(Beginning of PROVIDED MATERIAL)

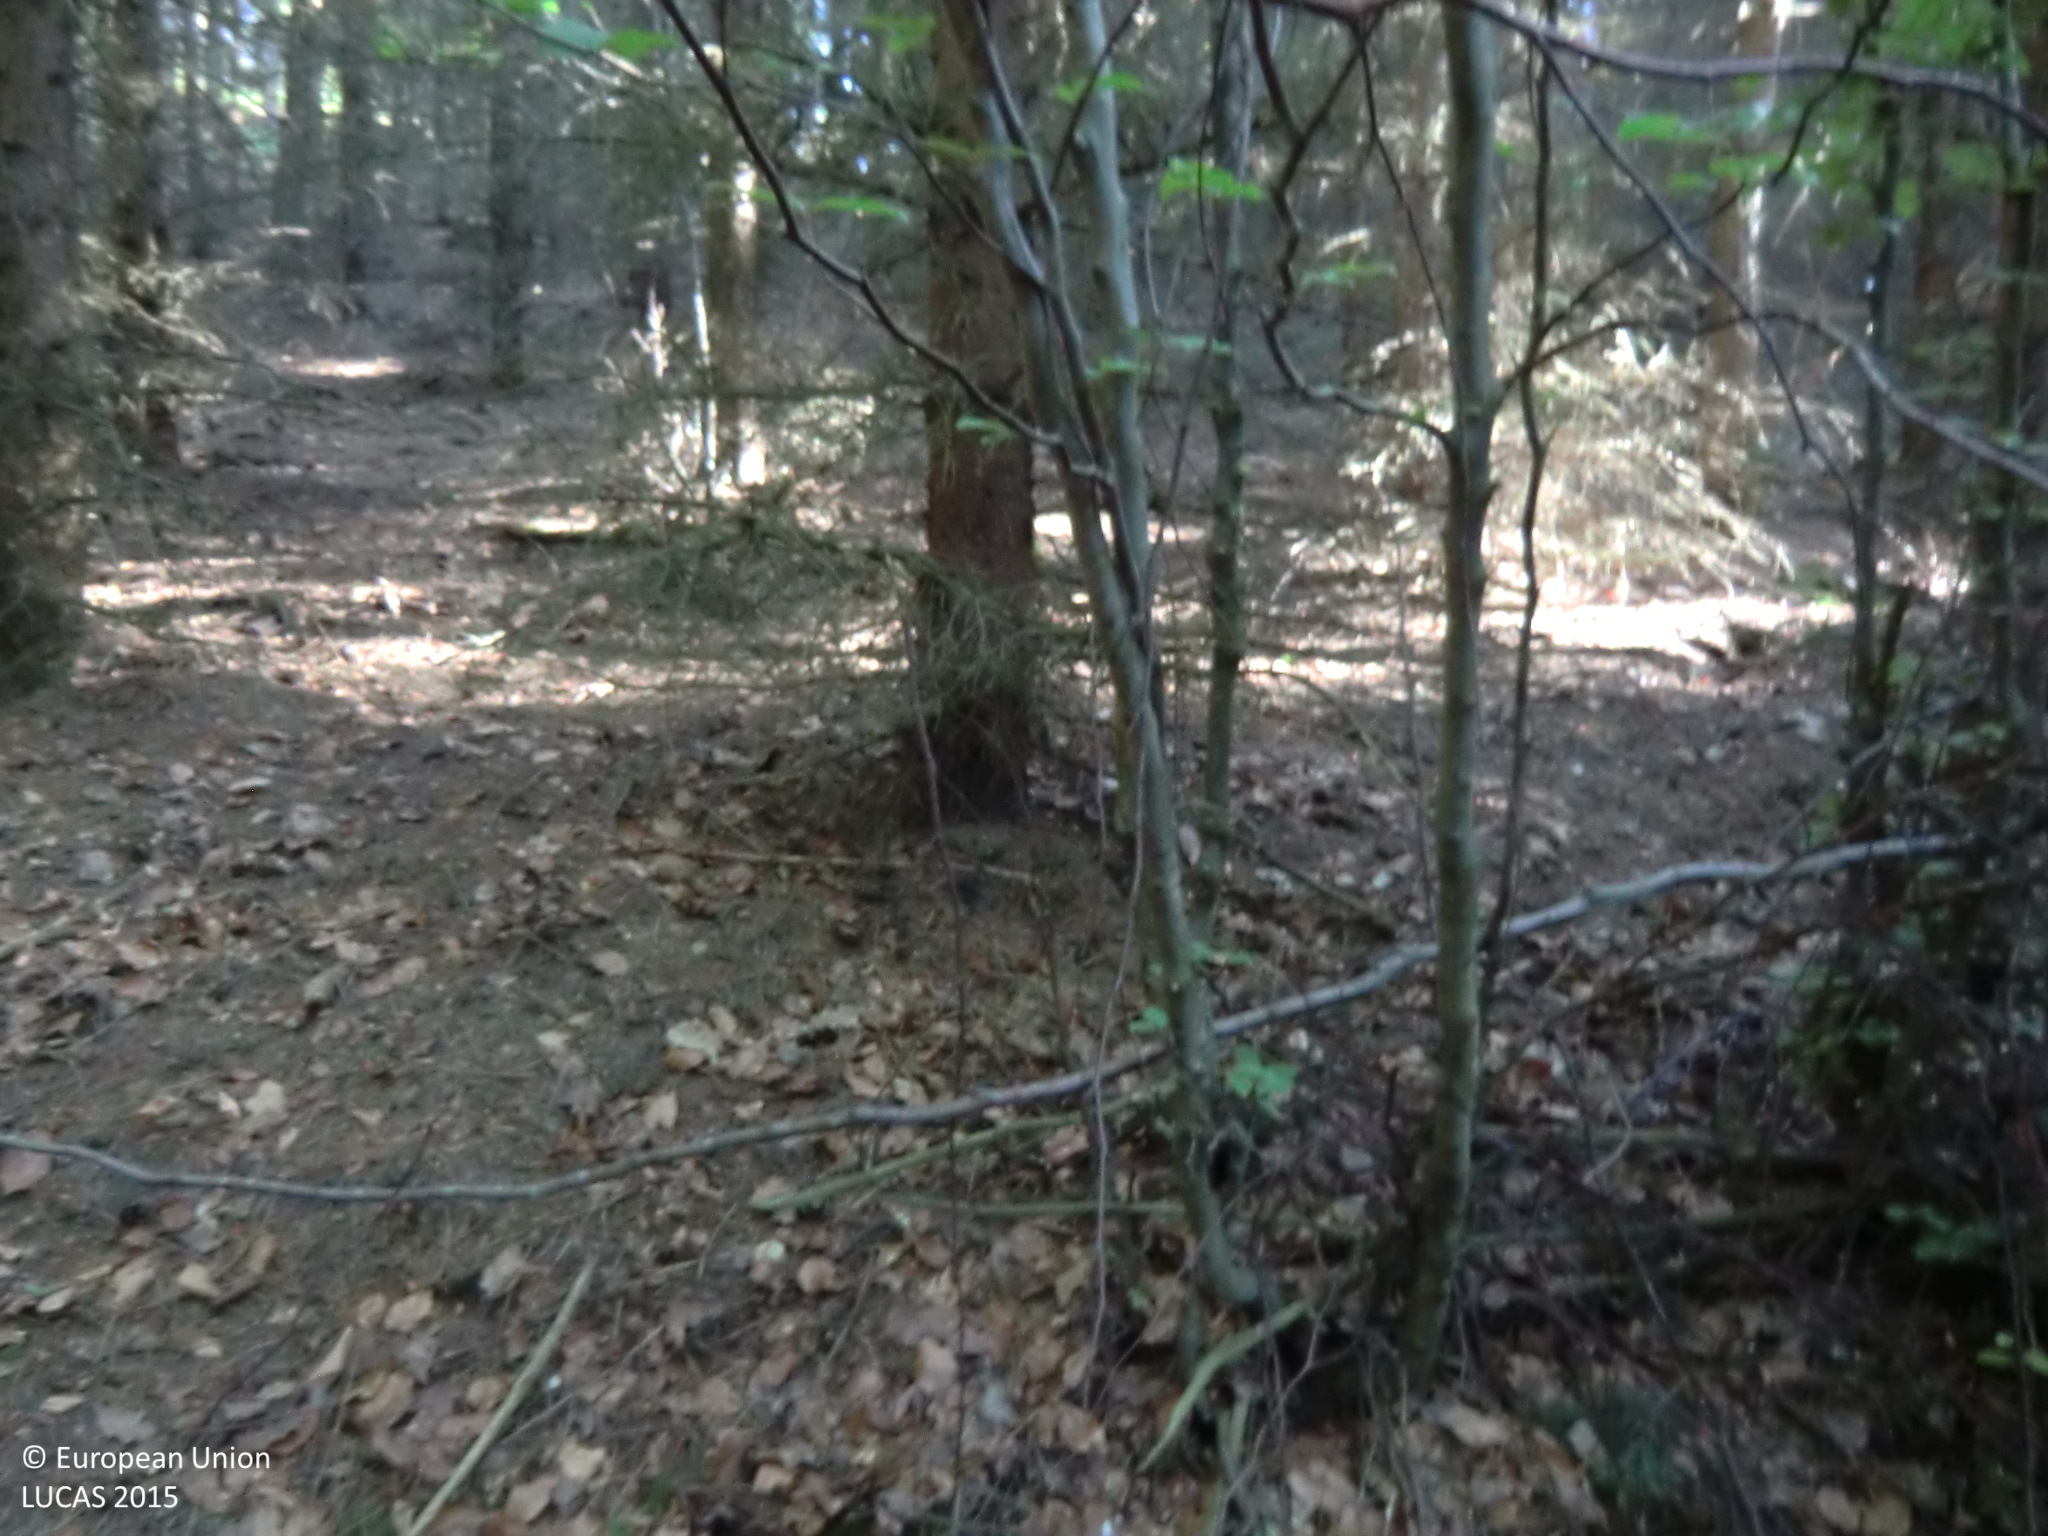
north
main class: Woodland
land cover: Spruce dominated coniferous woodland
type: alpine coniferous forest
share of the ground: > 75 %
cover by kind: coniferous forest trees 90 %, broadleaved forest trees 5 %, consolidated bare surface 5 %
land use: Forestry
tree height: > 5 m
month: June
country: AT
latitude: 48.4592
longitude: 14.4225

(End of PROVIDED MATERIAL)
(Beginning of PROVIDED MATERIAL)

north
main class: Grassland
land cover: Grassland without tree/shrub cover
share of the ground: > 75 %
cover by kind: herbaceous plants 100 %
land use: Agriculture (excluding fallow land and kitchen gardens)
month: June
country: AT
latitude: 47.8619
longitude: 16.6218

(End of PROVIDED MATERIAL)

> EXERCISE DESCRIPTION
In the data above, start at the line that has "main class: Woodland", stop after the line that has "longitude: 14.4225", and print every line in between exactly as it stands.

> ANSWER TO THE EXERCISE
main class: Woodland
land cover: Spruce dominated coniferous woodland
type: alpine coniferous forest
share of the ground: > 75 %
cover by kind: coniferous forest trees 90 %, broadleaved forest trees 5 %, consolidated bare surface 5 %
land use: Forestry
tree height: > 5 m
month: June
country: AT
latitude: 48.4592
longitude: 14.4225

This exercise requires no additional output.